The pioneering work of Dr. Brian Walker and his graduate student, Maxwell Lamptey, from the Department of Nutrition at the University of Guelph (Guelph , Canada) provided early evidence 30 years ago for the essential dietary role for alpha-linolenic acid (ALA) based on studies in experimental rodents. They demonstrated that the feeding of omega-3 enriched diets to female rats prior to mating and throughout pregnancy and lactation along with the feeding of similar diets to their progeny resulted in the pups showing superior learning capacity based on their performance in discrimination-learning testing as compared to the group that corresponding diets with negligible levels of omega-3 fatty acids. These authors also correlated the superior learning ability in the omega-3 fed animals to higher levels of docosahexaenoic acid (DHA, 22:6n-3) in the brain tissue. Subsequent studies from numerous laboratories have supported these early findings and have led to the conclusion that DHA is a physiologically-essential fatty acid required at high levels in brain tissue for optimal neurological performance and functioning.

Recognition of the metabolic conversion of dietary ALA to DHA for brain functioning has influenced the establishment of ALA as a dietary EFA. In 1990, Health and Welfare Canada officially recognized ALA (omega-3) as an essential nutrient for all Canadians and recommended minimal intakes at 0.5% of dietary energy of this essential nutrient. In absolute amounts, these recommendations translate into Recommended Nutrient Intakes of 1.1 and 1.5 g/day of ALA for adult women and men, respectively, aged 25-49 years of age. In 2002, the U.S. Food and Nutrition Board, instituted medicine of the national academies, in collaboration with Health Canada, made similar recommendations. The AI (Adequate Intakes) targets established by the U.S. Food and Nutrition Board were 1.1 and 1.6 g/day for women and men respectively, aged 19-50 years. The well-recognized 'physiological essentiality' for DHA in the brain and retina (eye) for optimal neuronal and visual performance, and the very limited conversion efficiency of ALA to DHA in humans has led to much concern regarding the reliability upon ALA only as an official EFA for ensuring adequate levels of DHA in the body and optimal health. These topics will be addressed extensively throughout subsequent sections. Recently, there has been a strong move towards considering DHA as a 'conditionally essential fatty acid' based on recognition of its physiological essentiality and the very limited and widely-variant conversion of ALA to DHA in human populations.

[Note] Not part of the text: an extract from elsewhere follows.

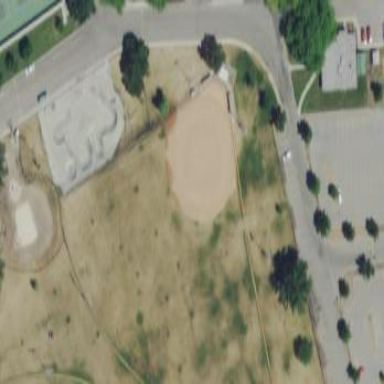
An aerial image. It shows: Softball pitch for leisure land activities.

Burdge, G.C., and Calder, P.C. Conversion of a-linolenic acid to longer-chain polyunsaturated fatty acids in human adults. Reprod. Nutr. Dev. 45: 581-597, 2005.

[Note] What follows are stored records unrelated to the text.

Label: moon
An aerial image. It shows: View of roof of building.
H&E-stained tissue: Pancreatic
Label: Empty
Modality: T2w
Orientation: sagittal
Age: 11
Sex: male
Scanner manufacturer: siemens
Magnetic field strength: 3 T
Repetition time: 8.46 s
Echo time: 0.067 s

Food and Nutrition Board, Institute of Medicine. Dietary Reference Intakes for Energy, Carbohydrate, Fiber, Fat, Fatty Acids, Cholesterol, Protein, and Amino Acids (Macronutrients). A report of the Panel on Macronutrients, Subcommittess on Upper Reference Levels of Nutrients and Interpretation and Uses of Dietary Reference Intakes, and the Standing Committee on the Scientific Evaluation of Dietary Reference Intakes. National Academy Press, Washington , DC , 2002.

Health and Welfare Canada : Nutrient Recommendations: The Report of the Scientific Review Committee. Ottawa : Supply and Services Canada , 1990.

Lamptey, M.S., and Walker, B. L. A possible essential role for dietary linolenic acid in the development of the young rat. J. Nutr. 106(1): 86-93, 1976.